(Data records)
========
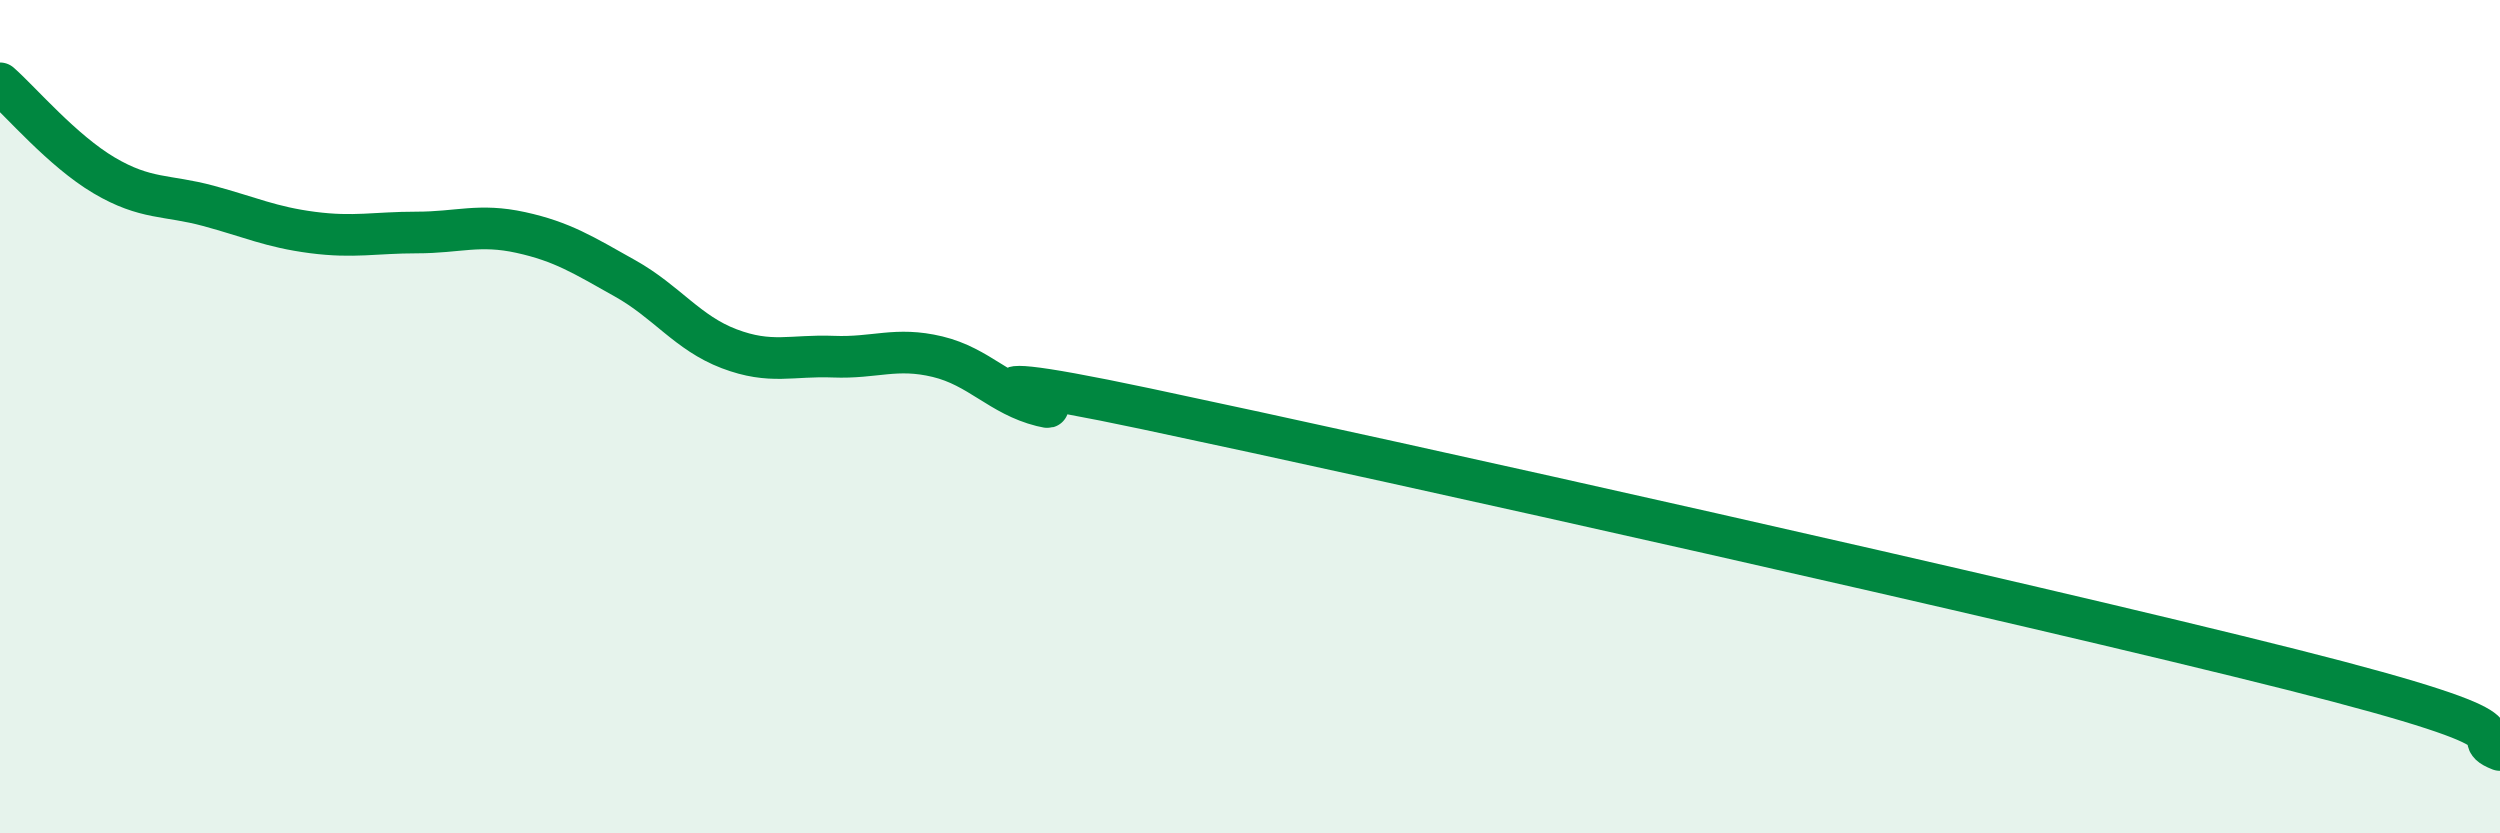 
    <svg width="60" height="20" viewBox="0 0 60 20" xmlns="http://www.w3.org/2000/svg">
      <path
        d="M 0,2 C 0.5,2.44 1.5,3.62 2.5,4.21 C 3.5,4.8 4,4.67 5,4.94 C 6,5.21 6.5,5.45 7.5,5.58 C 8.5,5.71 9,5.58 10,5.58 C 11,5.58 11.5,5.36 12.5,5.58 C 13.5,5.8 14,6.12 15,6.68 C 16,7.24 16.5,7.99 17.5,8.37 C 18.5,8.75 19,8.52 20,8.56 C 21,8.6 21.5,8.32 22.5,8.56 C 23.5,8.8 24,9.49 25,9.74 C 26,9.99 21.5,8.54 27.5,9.81 C 33.5,11.08 48.5,14.43 55,16.07 C 61.5,17.71 59,17.61 60,18L60 20L0 20Z"
        fill="#008740"
        opacity="0.1"
        stroke-linecap="round"
        stroke-linejoin="round"
      />
      <path
        d="M 0,2 C 0.5,2.44 1.5,3.62 2.5,4.21 C 3.5,4.8 4,4.67 5,4.94 C 6,5.21 6.5,5.45 7.5,5.58 C 8.5,5.71 9,5.58 10,5.58 C 11,5.58 11.5,5.36 12.5,5.58 C 13.5,5.8 14,6.12 15,6.68 C 16,7.24 16.5,7.99 17.5,8.37 C 18.5,8.75 19,8.52 20,8.56 C 21,8.6 21.5,8.32 22.5,8.56 C 23.5,8.8 24,9.49 25,9.74 C 26,9.99 21.5,8.54 27.5,9.81 C 33.5,11.08 48.5,14.43 55,16.07 C 61.5,17.71 59,17.61 60,18"
        stroke="#008740"
        stroke-width="1"
        fill="none"
        stroke-linecap="round"
        stroke-linejoin="round"
      />
    </svg>
========
PROBLEM DESCRIPTION:
Copy every entry exactly, leaving out the pictures.

RESULT FOR THIS EXERCISE:
    <svg width="60" height="20" viewBox="0 0 60 20" xmlns="http://www.w3.org/2000/svg">
      <path
        d="M 0,2 C 0.5,2.44 1.5,3.62 2.5,4.21 C 3.5,4.8 4,4.67 5,4.94 C 6,5.21 6.5,5.45 7.5,5.58 C 8.5,5.71 9,5.58 10,5.58 C 11,5.58 11.5,5.36 12.5,5.58 C 13.5,5.8 14,6.12 15,6.68 C 16,7.24 16.5,7.99 17.5,8.37 C 18.5,8.75 19,8.52 20,8.56 C 21,8.6 21.5,8.32 22.5,8.56 C 23.5,8.8 24,9.49 25,9.74 C 26,9.99 21.5,8.54 27.5,9.81 C 33.5,11.08 48.5,14.43 55,16.07 C 61.5,17.71 59,17.61 60,18L60 20L0 20Z"
        fill="#008740"
        opacity="0.1"
        stroke-linecap="round"
        stroke-linejoin="round"
      />
      <path
        d="M 0,2 C 0.5,2.44 1.5,3.62 2.5,4.21 C 3.5,4.8 4,4.67 5,4.94 C 6,5.21 6.5,5.45 7.5,5.58 C 8.5,5.71 9,5.58 10,5.58 C 11,5.58 11.5,5.36 12.5,5.58 C 13.5,5.8 14,6.12 15,6.68 C 16,7.24 16.5,7.99 17.5,8.37 C 18.5,8.75 19,8.52 20,8.56 C 21,8.6 21.5,8.32 22.5,8.56 C 23.5,8.8 24,9.49 25,9.74 C 26,9.99 21.5,8.54 27.5,9.81 C 33.5,11.08 48.5,14.43 55,16.07 C 61.5,17.71 59,17.61 60,18"
        stroke="#008740"
        stroke-width="1"
        fill="none"
        stroke-linecap="round"
        stroke-linejoin="round"
      />
    </svg>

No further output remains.